Bipartite Matching and König’s Theorem

A bipartite matching problem has a bipartite graph $G = (U \cup W, E)$ and seeks the largest subset of edges with no two sharing an endpoint.

Reduction to max flow. Add source $s$ with edges $c(s, u) = 1$ to all $u \in U$, and sink $t$ with edges $c(w, t) = 1$ from all $w \in W$; set $c(u,w) = 1$ for all $(u,w) \in E$. A maximum integer flow in this network equals the size of a maximum matching.

König’s theorem. In a bipartite graph, the size of a maximum matching equals the size of a minimum vertex cover (a set of vertices that touches every edge). This is a direct corollary of max-flow min-cut: a minimum cut in the flow network corresponds to a minimum vertex cover in the original graph.

Hopcroft-Karp. By applying Dinic’s on unit-capacity bipartite graphs: $O(E\sqrt{V})$. It finds shortest augmenting paths in batches using BFS + DFS.


Hungarian Algorithm (Assignment Problem)

Given an $n \times n$ cost matrix $C$ (or bipartite graph with weights), the assignment problem seeks a perfect matching minimising total cost. The Hungarian algorithm:

  1. Subtract row and column minima to create a zero-cost structure.
  2. Cover all zeros with a minimum set of lines (König’s theorem gives the count).
  3. If $n$ lines are needed, a perfect matching among zeros is optimal.
  4. Otherwise, adjust the matrix to create new zeros and repeat.

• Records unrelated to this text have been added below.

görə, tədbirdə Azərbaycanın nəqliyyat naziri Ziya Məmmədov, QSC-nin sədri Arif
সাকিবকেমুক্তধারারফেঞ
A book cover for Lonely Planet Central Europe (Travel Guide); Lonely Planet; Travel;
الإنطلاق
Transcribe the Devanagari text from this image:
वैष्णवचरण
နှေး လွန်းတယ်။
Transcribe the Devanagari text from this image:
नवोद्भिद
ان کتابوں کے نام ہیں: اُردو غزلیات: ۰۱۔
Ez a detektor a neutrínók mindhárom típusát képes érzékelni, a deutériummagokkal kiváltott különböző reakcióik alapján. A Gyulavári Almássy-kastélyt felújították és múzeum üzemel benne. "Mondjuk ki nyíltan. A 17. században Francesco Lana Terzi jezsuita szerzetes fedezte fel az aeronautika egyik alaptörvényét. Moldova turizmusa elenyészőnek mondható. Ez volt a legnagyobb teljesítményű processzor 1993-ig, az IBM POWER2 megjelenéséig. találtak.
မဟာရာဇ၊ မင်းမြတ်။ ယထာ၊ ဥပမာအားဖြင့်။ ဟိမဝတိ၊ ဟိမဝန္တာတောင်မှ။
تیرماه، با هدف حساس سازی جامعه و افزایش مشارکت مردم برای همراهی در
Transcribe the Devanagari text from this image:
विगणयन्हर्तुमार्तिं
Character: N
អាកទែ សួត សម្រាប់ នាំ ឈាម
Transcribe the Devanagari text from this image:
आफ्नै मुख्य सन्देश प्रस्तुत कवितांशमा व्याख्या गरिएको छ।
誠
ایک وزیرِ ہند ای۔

Time complexity: $O(n^3)$ with careful implementation (or $O(VE)$ using augmenting paths in the bipartite graph).


Applications: Project Selection and Image Segmentation

Project selection. Given projects with profits and machines with costs, where projects require certain machines: model as a flow network. Projects are connected to $s$ with capacity = profit; machines connect to $t$ with capacity = cost; project-machine dependencies have $\infty$ capacity. A minimum $s$-$t$ cut selects which projects to pursue and which machines to buy, maximising profit minus cost.

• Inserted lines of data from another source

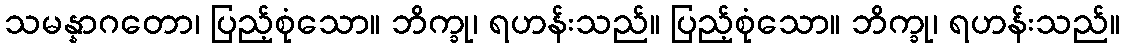
သမန္နာဂတော၊ ပြည့်စုံသော။ ဘိက္ခု၊ ရဟန်းသည်။ ပြည့်စုံသော။ ဘိက္ခု၊ ရဟန်းသည်။
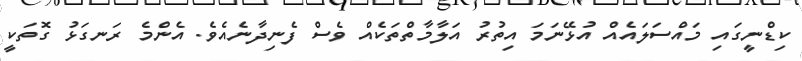
ކިޑްނީގައި މައްސަލައެއް އުޅޭނަމަ އިތުރު އަލާމާތްތަކެއް ވެސް ފެނިދާނެއެވެ. އެންމެ ރަނގަޅު ގޮތަކީ
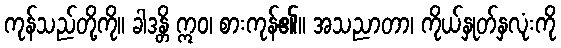
ကုန်သည်တို့ကို။ ခါဒန္တိ ဣဝ၊ စားကုန်၏။ အသညာတာ၊ ကိုယ်နှုတ်နှလုံးကို
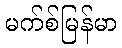
မက်စ်မြန်မာ
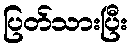
ပြတ်သားပြီး
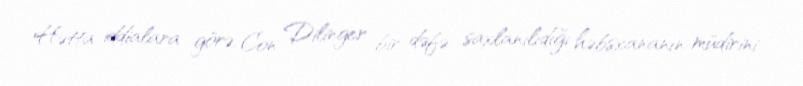
Hətta iddialara görə, Con Dilinger bir dəfə saxlanılıdığı həbsxananın müdirini
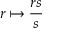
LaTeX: r \mapsto { \frac { r s } { s } }
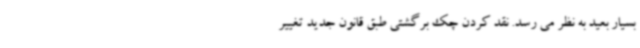
بسیار بعید به نظر می رسد. نقد کردن چک برگشتی طبق قانون جدید تغییر
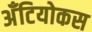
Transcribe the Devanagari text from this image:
अँटियोकस
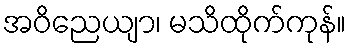
အဝိညေယျာ၊ မသိထိုက်ကုန်။
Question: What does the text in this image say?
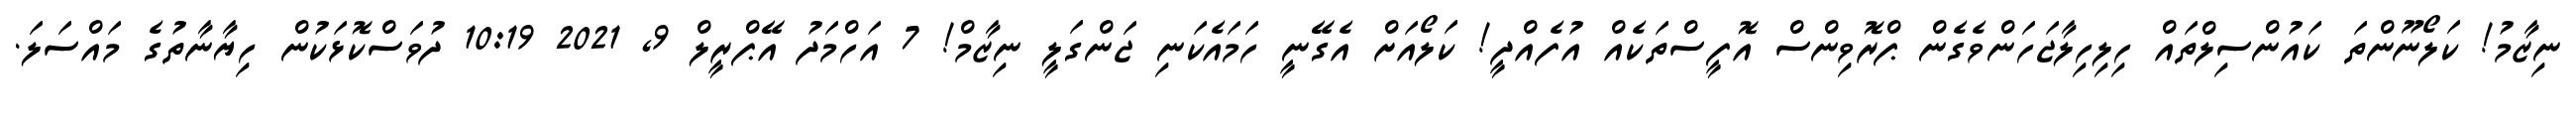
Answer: ނިޒާމު! ކަލޯނޫންތަ ކައުންސިލްތައް ހިލިހިލާޖަހަންވެގެން ޕްރޮވިންސް އޮފީސްތަކެއް އުފެއްދީ! ކަލޯއަށް އެގޭނީ ހަމައެކަނި ޖަންގަލީ ނިޒާމް! 7 އަހްމަދު އޭޕްރީލް 9, 2021 10:19 ދުވަސްކޮޅަކުން ހިޔާނާތުގެ މައްސަލަ.
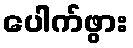
ပေါက်ဖွား
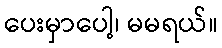
ပေးမှာပေါ့၊ မမရယ်။
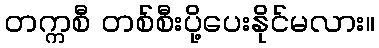
တက္ကစီ တစ်စီးပို့ပေးနိုင်မလား။

Graph-cut image segmentation (GrabCut). Each pixel is a node; neighbouring pixels share edges whose capacity encodes colour similarity. Source $s$ represents “foreground” and sink $t$ represents “background”. A minimum $s$-$t$ cut partitions pixels into foreground and background, balancing the unary term (how likely each pixel is foreground/background) against the pairwise term (how different adjacent pixels are). Dinic’s algorithm handles the dense grid graphs efficiently.


Examples

Task assignment. A company has $n$ workers and $m$ jobs; each worker can do a subset of jobs. Maximum bipartite matching finds the largest number of jobs that can be simultaneously assigned (one worker per job). If a perfect matching exists, König’s theorem also identifies the smallest set of workers that “covers” all jobs.

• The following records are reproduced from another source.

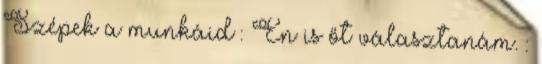
Szépek a munkáid : Én is őt választanám. :
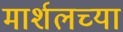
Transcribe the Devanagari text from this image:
मार्शलच्या
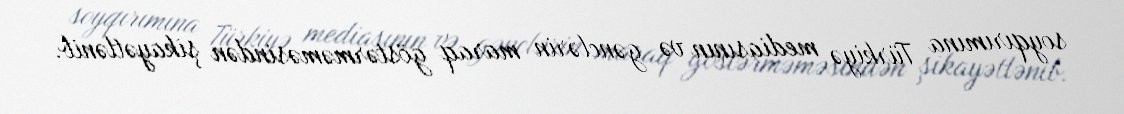
soyqırımına Türkiyə mediasının və gənclərin maraq göstərməməsindən şikayətlənib.
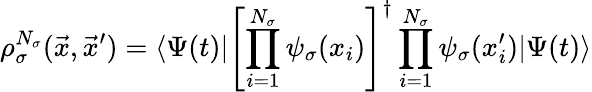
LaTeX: \rho_{\sigma}^{N_{\sigma}}(\vec{x},\vec{x}^{\prime})=\langle\Psi(t)|\left[\prod_{i=1}^{N_{\sigma}}\psi_{\sigma}(x_{i})\right]^{\dagger}\prod_{i=1}^{N_{\sigma}}\psi_{\sigma}(x_{i}^{\prime})|\Psi(t)\rangle
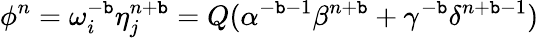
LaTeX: \phi^{n}=\omega_{i}^{-\mathtt{b}}\eta_{j}^{n+\mathtt{b}}=Q(\alpha^{-\mathtt{b}-1}\beta^{n+\mathtt{b}}+\gamma^{-\mathtt{b}}\delta^{n+\mathtt{b}-1})
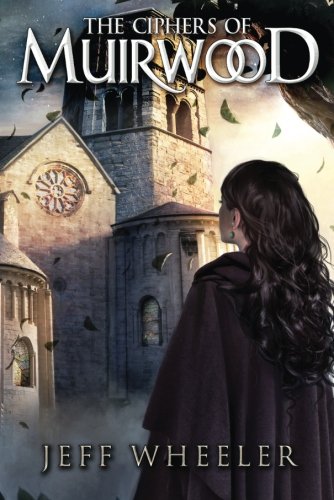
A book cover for The Ciphers of Muirwood (Covenant of Muirwood); Jeff Wheeler; Science Fiction & Fantasy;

Network bandwidth. A data-centre operator models its switching fabric as a flow network with link capacities. Ford-Fulkerson (or Dinic’s) computes the maximum aggregate throughput from ingress to egress nodes; the min-cut identifies the bottleneck links that limit overall bandwidth.

Baseball elimination. Team $i$ is eliminated if even optimistically (assuming they win all remaining games) they cannot tie for first. This reduces to a max-flow problem: if the max flow is less than the total remaining games among a subset of teams, some team mathematically cannot reach first place.